Data section
========================

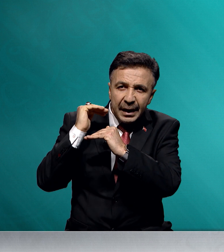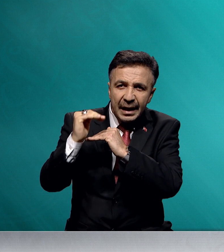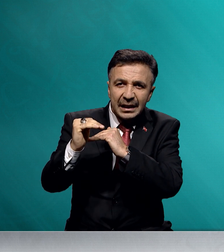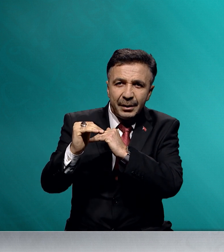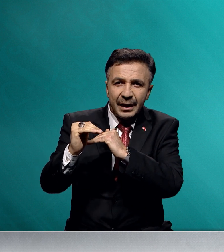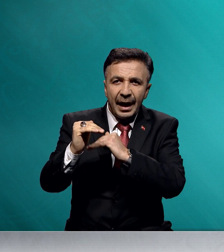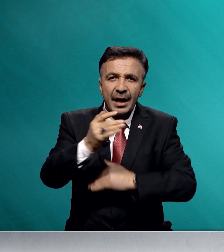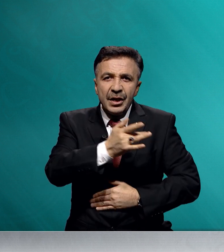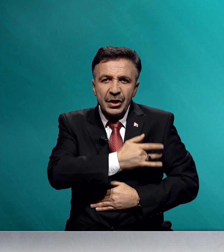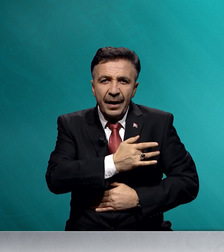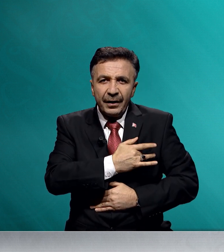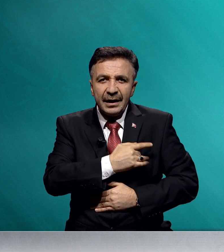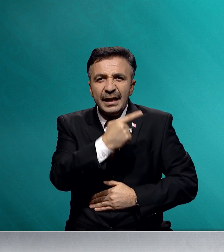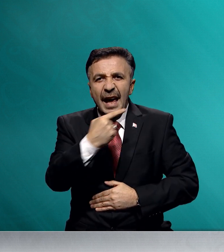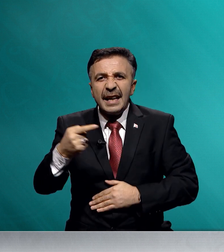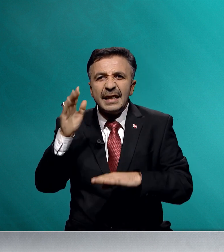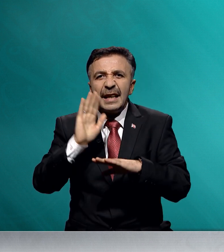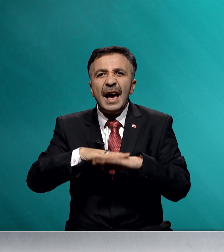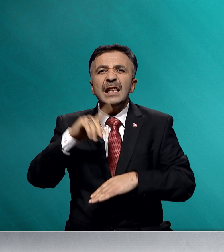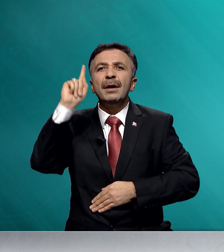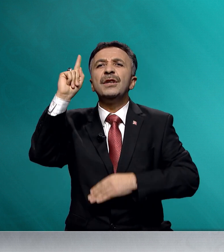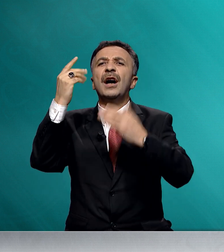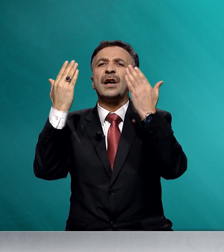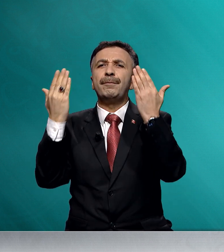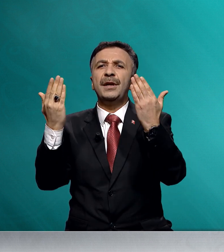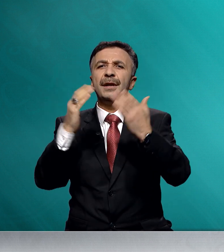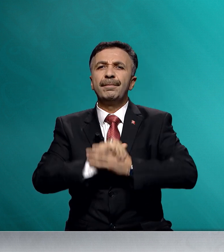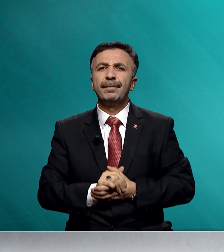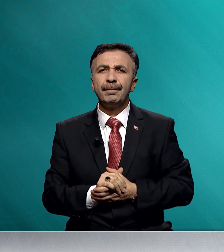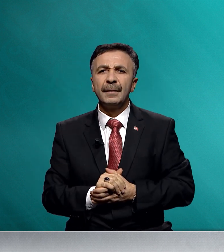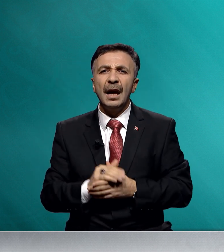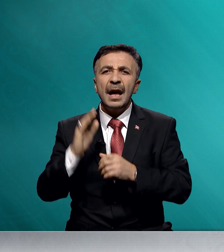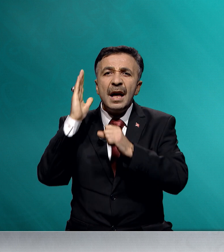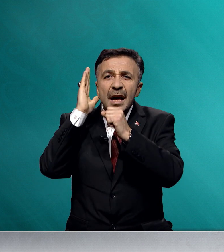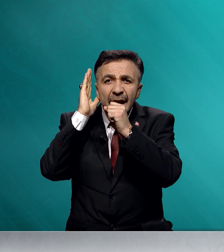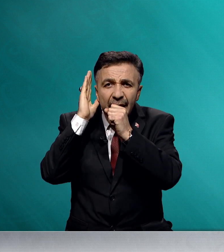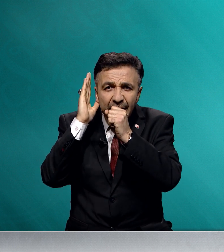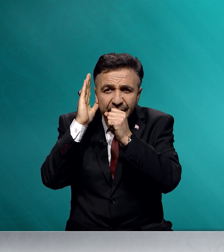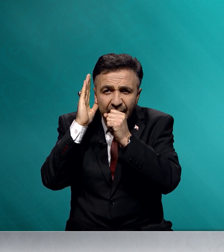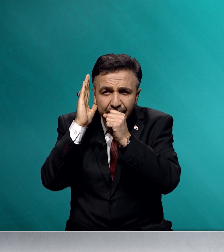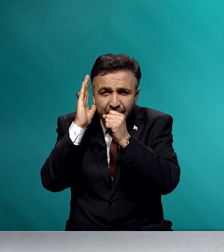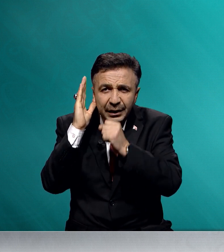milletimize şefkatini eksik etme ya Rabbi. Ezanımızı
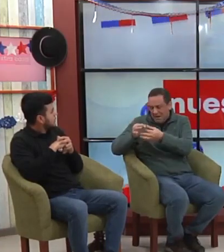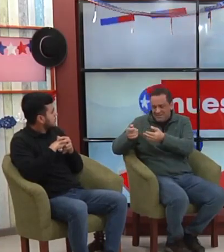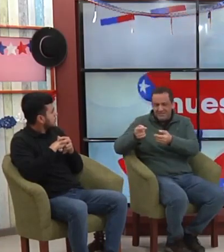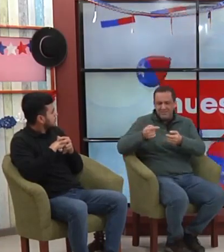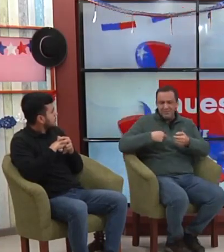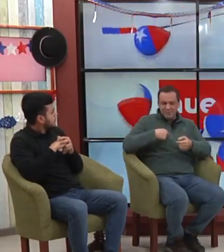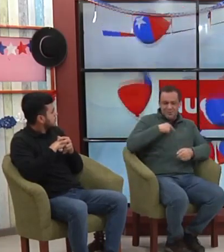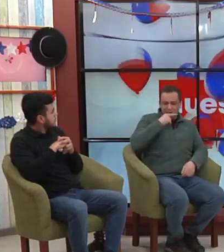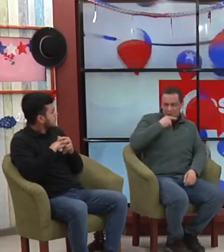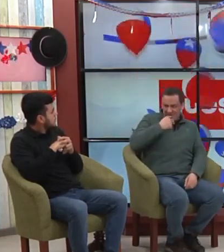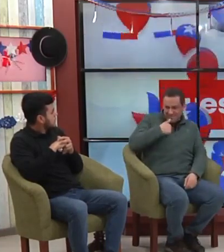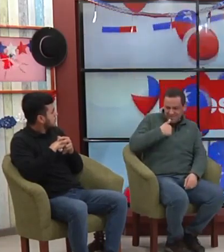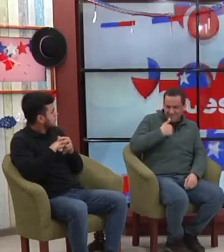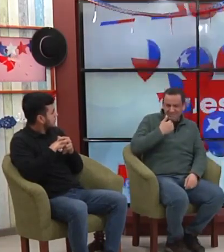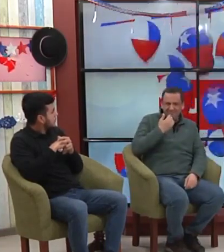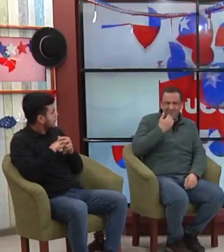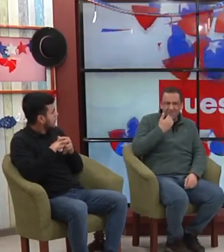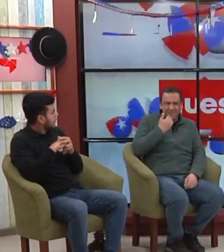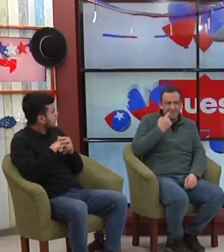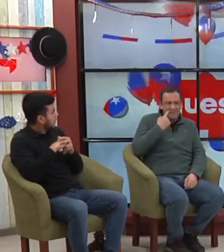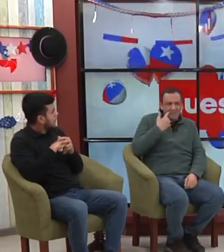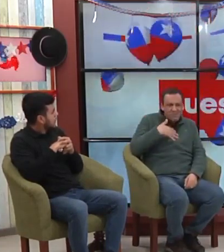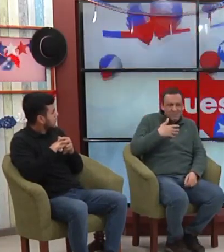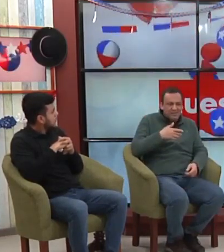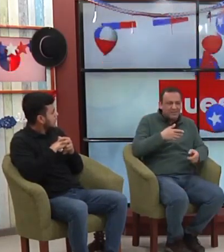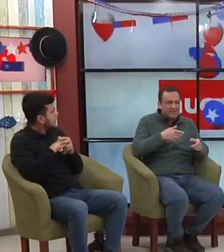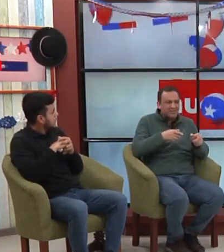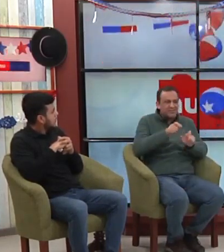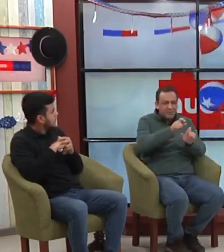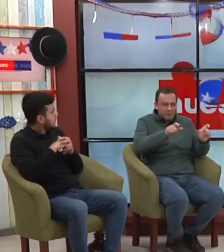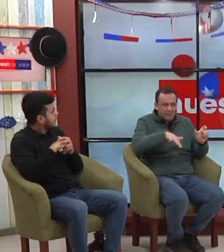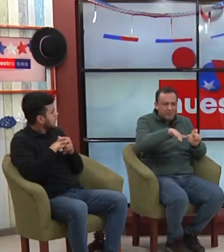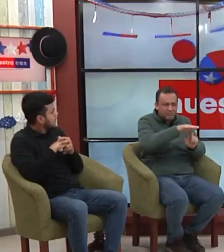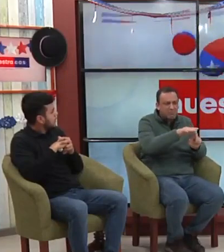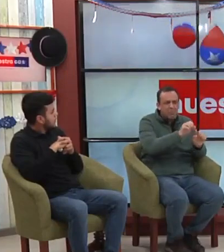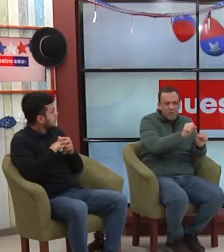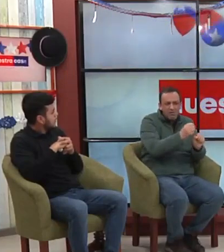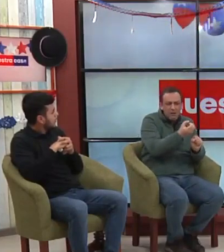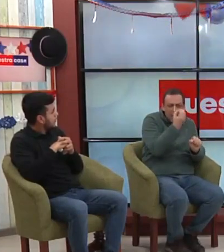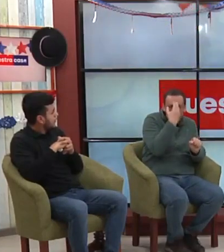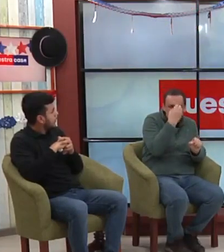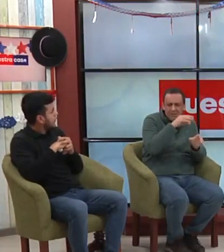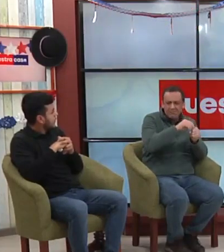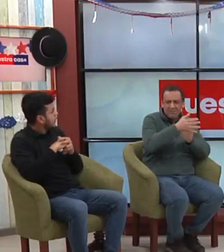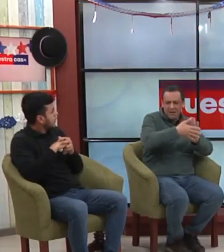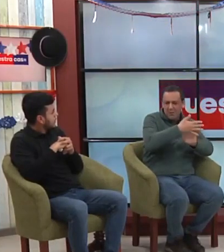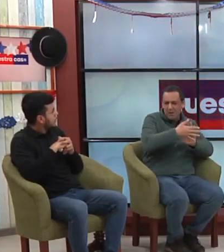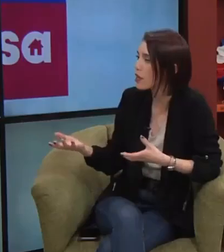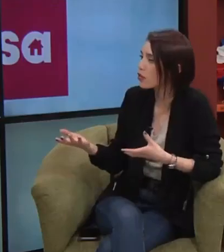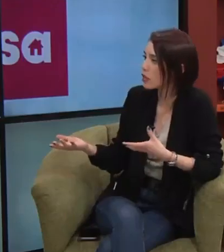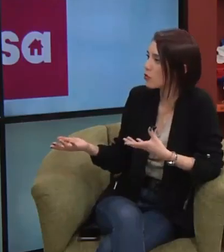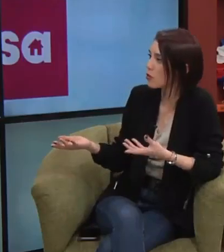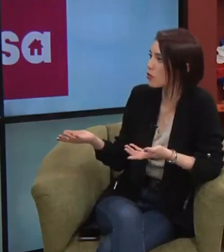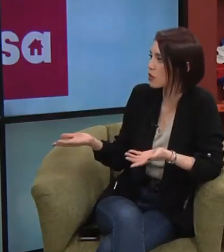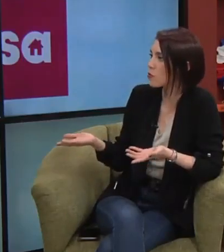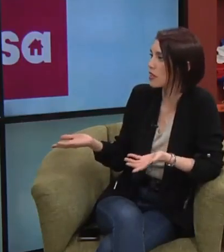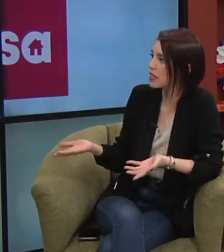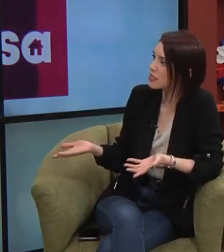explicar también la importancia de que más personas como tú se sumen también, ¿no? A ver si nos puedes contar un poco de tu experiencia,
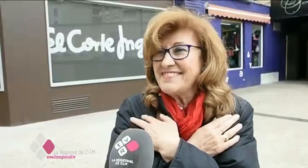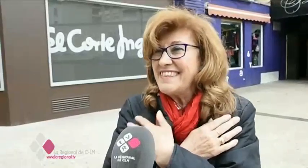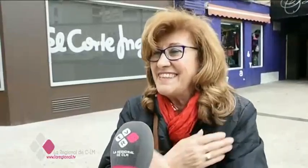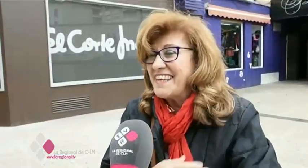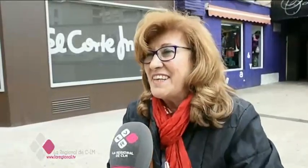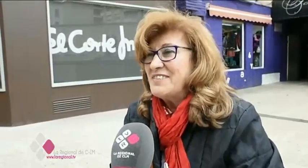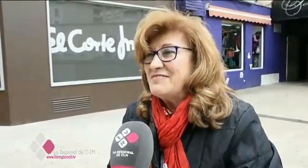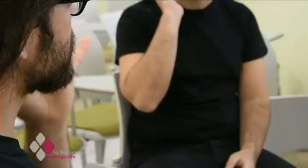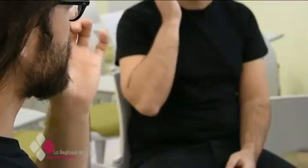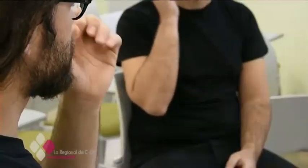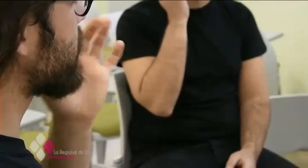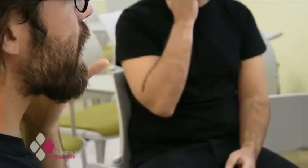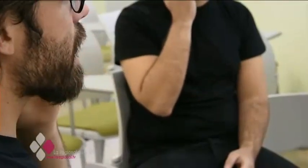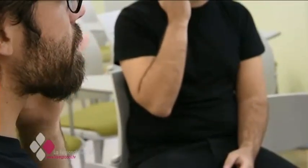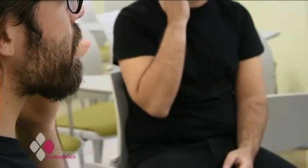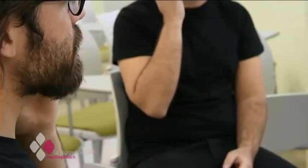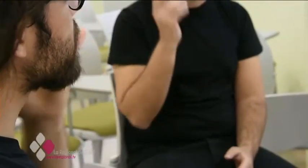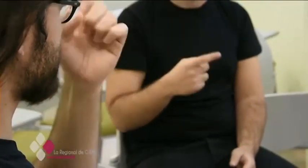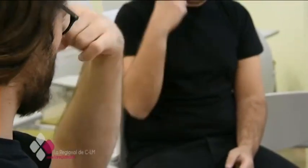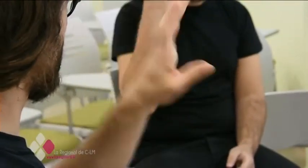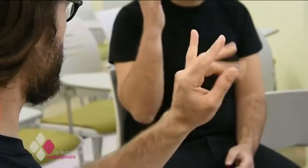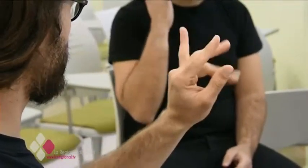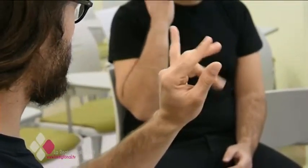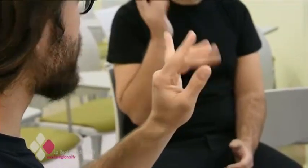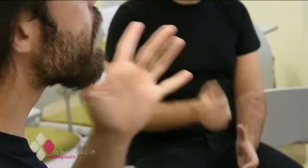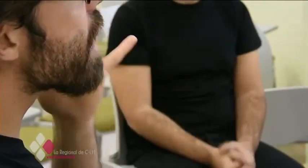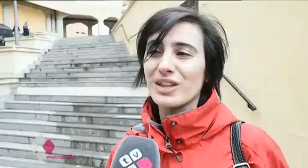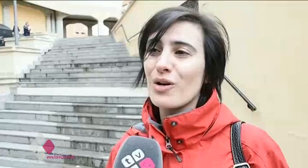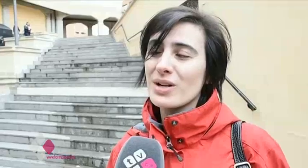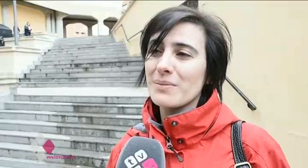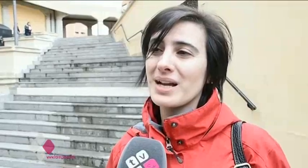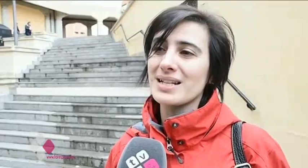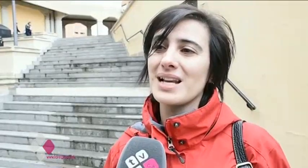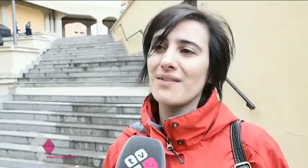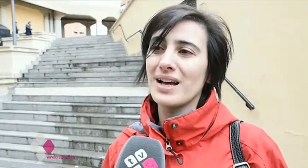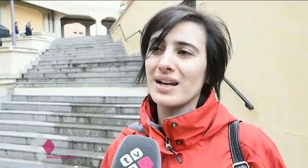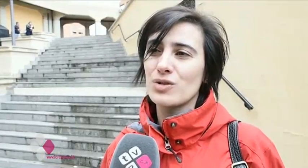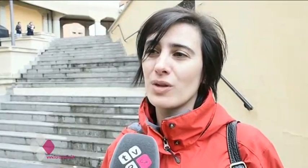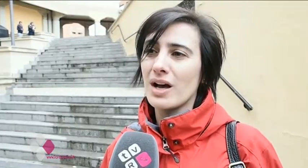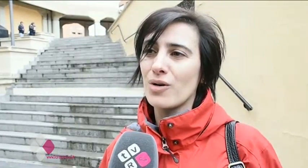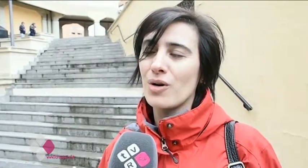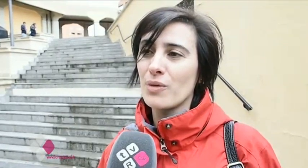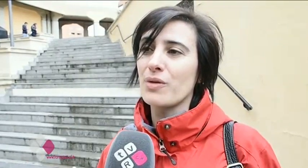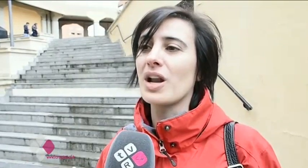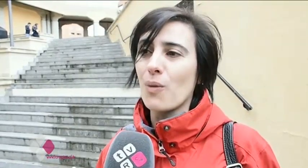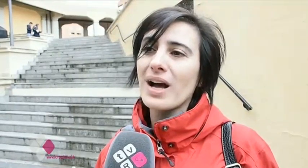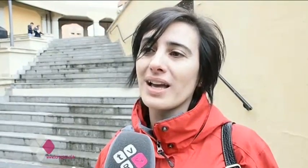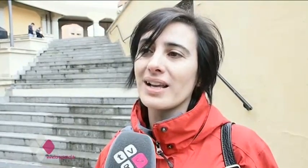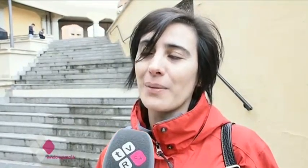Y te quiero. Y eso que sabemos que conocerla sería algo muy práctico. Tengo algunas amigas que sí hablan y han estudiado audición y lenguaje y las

========================

What is required
Repeat the listing verbatim, pictures excluded.

Answer for the task
milletimize şefkatini eksik etme ya Rabbi. Ezanımızı
explicar también la importancia de que más personas como tú se sumen también, ¿no? A ver si nos puedes contar un poco de tu experiencia,
Y te quiero. Y eso que sabemos que conocerla sería algo muy práctico. Tengo algunas amigas que sí hablan y han estudiado audición y lenguaje y las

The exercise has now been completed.